┌─ The records

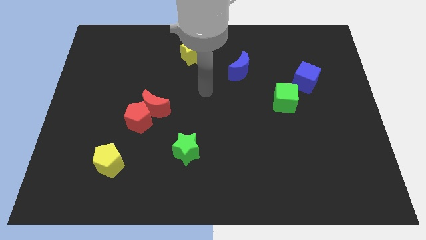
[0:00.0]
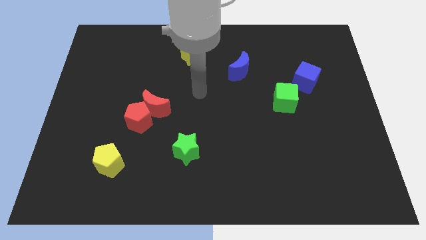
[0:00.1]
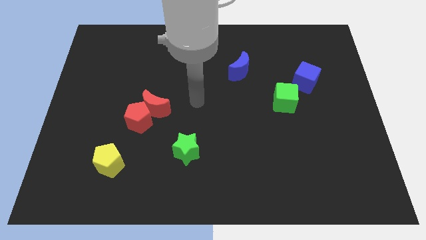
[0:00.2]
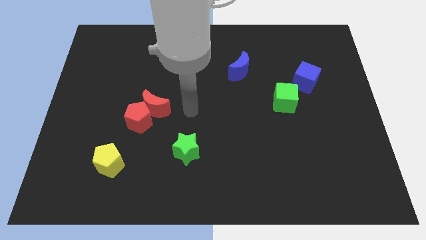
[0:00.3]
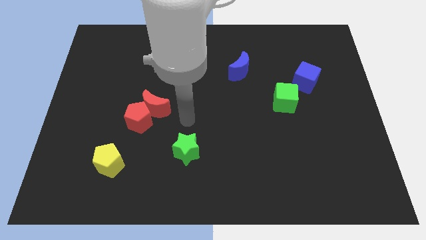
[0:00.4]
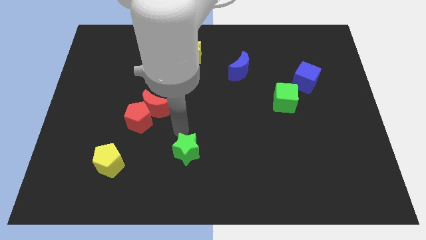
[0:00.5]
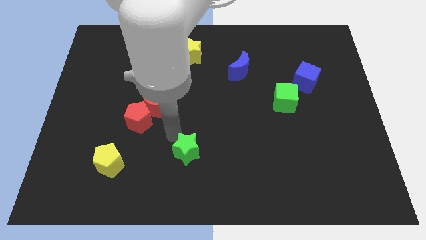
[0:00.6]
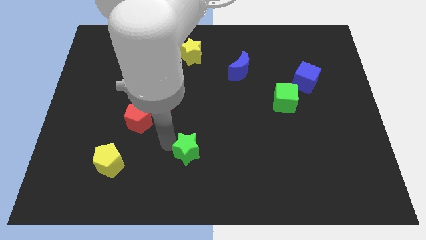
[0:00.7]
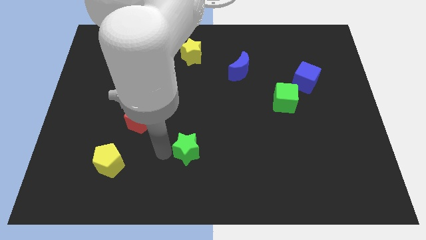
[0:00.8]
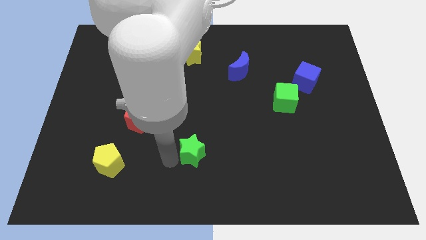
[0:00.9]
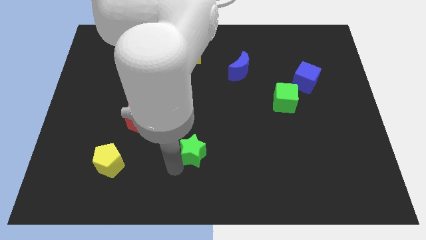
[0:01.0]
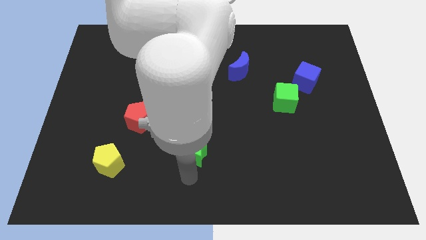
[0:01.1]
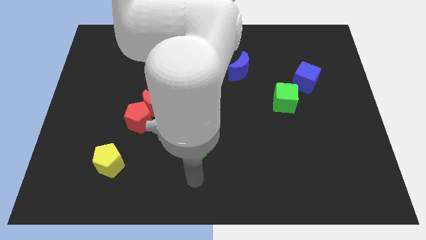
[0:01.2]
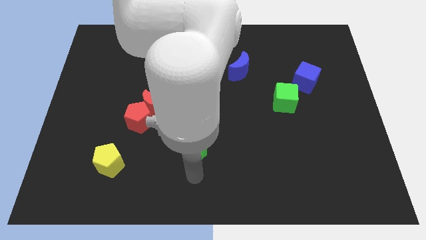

└─

→ **Aim of the exercise**: Skipping any pictures, transcribe the full listing exactly.

→ **Response to the task**:
[0:00.0]
[0:00.1]
[0:00.2]
[0:00.3]
[0:00.4]
[0:00.5]
[0:00.6]
[0:00.7]
[0:00.8]
[0:00.9]
[0:01.0]
[0:01.1]
[0:01.2]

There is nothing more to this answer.